:: ENTRIES PROVIDED ::
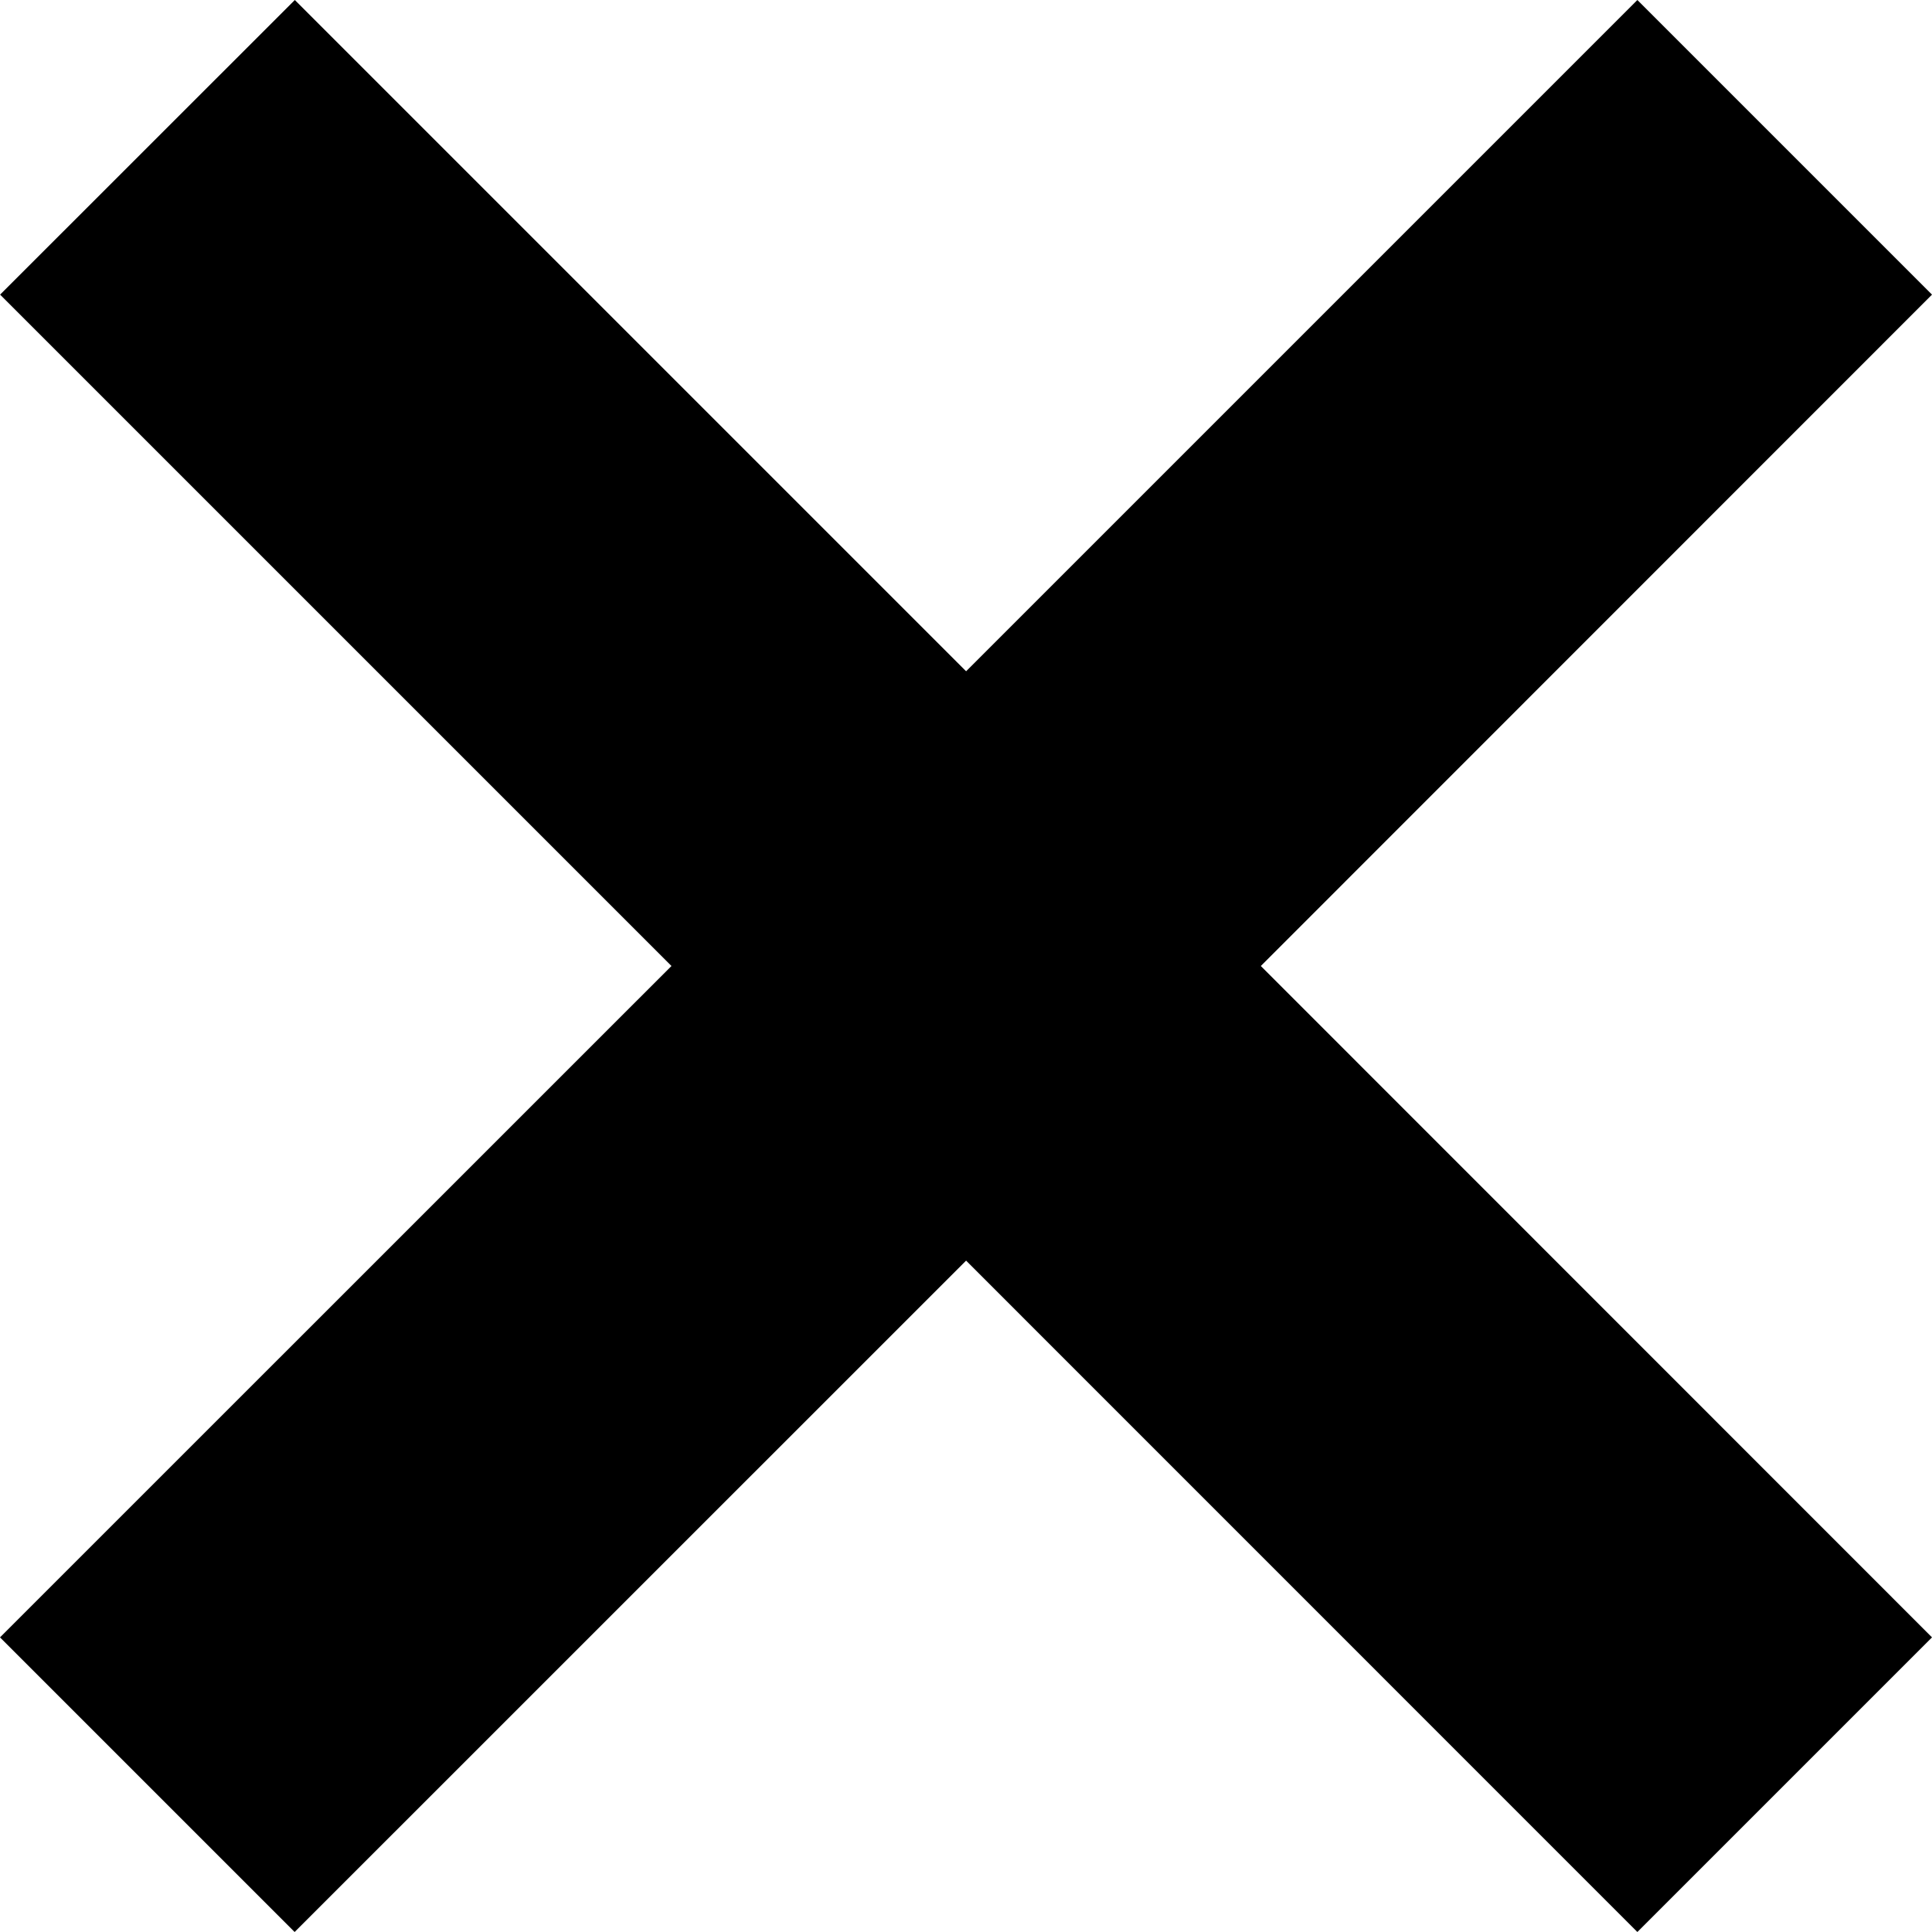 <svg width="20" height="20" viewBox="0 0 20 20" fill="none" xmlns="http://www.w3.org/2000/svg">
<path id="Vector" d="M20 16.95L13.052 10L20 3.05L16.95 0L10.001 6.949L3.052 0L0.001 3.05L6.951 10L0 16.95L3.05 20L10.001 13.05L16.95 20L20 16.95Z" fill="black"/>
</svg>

...

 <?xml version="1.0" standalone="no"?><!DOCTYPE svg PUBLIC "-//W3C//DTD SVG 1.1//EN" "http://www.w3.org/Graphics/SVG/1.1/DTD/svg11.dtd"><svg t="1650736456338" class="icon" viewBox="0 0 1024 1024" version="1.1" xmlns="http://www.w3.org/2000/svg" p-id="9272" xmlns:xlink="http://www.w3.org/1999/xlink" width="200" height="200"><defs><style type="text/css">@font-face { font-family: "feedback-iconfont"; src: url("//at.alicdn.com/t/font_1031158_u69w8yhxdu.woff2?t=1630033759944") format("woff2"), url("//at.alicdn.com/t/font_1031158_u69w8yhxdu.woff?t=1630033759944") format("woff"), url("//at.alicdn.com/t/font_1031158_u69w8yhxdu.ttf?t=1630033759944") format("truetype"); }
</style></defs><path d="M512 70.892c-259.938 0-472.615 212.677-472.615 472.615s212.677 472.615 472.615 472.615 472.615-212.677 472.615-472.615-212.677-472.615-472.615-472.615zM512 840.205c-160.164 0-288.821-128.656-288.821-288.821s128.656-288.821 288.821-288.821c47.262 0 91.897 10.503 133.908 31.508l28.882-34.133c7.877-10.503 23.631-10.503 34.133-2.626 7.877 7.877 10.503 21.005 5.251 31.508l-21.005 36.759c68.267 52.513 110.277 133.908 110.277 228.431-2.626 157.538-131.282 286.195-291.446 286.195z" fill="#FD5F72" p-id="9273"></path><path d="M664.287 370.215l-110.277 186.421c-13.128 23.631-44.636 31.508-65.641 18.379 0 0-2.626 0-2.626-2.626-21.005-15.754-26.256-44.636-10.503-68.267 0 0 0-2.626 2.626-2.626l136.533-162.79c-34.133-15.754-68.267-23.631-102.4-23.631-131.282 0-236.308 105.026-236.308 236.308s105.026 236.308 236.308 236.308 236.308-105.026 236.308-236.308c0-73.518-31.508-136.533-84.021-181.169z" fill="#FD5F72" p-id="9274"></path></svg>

:: WHAT YOU NEED TO DO ::
All lines above that contain the word "path" are to be copied.

:: WRITTEN RESPONSE ::
<path id="Vector" d="M20 16.95L13.052 10L20 3.05L16.95 0L10.001 6.949L3.052 0L0.001 3.05L6.951 10L0 16.95L3.05 20L10.001 13.05L16.95 20L20 16.95Z" fill="black"/>
</style></defs><path d="M512 70.892c-259.938 0-472.615 212.677-472.615 472.615s212.677 472.615 472.615 472.615 472.615-212.677 472.615-472.615-212.677-472.615-472.615-472.615zM512 840.205c-160.164 0-288.821-128.656-288.821-288.821s128.656-288.821 288.821-288.821c47.262 0 91.897 10.503 133.908 31.508l28.882-34.133c7.877-10.503 23.631-10.503 34.133-2.626 7.877 7.877 10.503 21.005 5.251 31.508l-21.005 36.759c68.267 52.513 110.277 133.908 110.277 228.431-2.626 157.538-131.282 286.195-291.446 286.195z" fill="#FD5F72" p-id="9273"></path><path d="M664.287 370.215l-110.277 186.421c-13.128 23.631-44.636 31.508-65.641 18.379 0 0-2.626 0-2.626-2.626-21.005-15.754-26.256-44.636-10.503-68.267 0 0 0-2.626 2.626-2.626l136.533-162.79c-34.133-15.754-68.267-23.631-102.4-23.631-131.282 0-236.308 105.026-236.308 236.308s105.026 236.308 236.308 236.308 236.308-105.026 236.308-236.308c0-73.518-31.508-136.533-84.021-181.169z" fill="#FD5F72" p-id="9274"></path></svg>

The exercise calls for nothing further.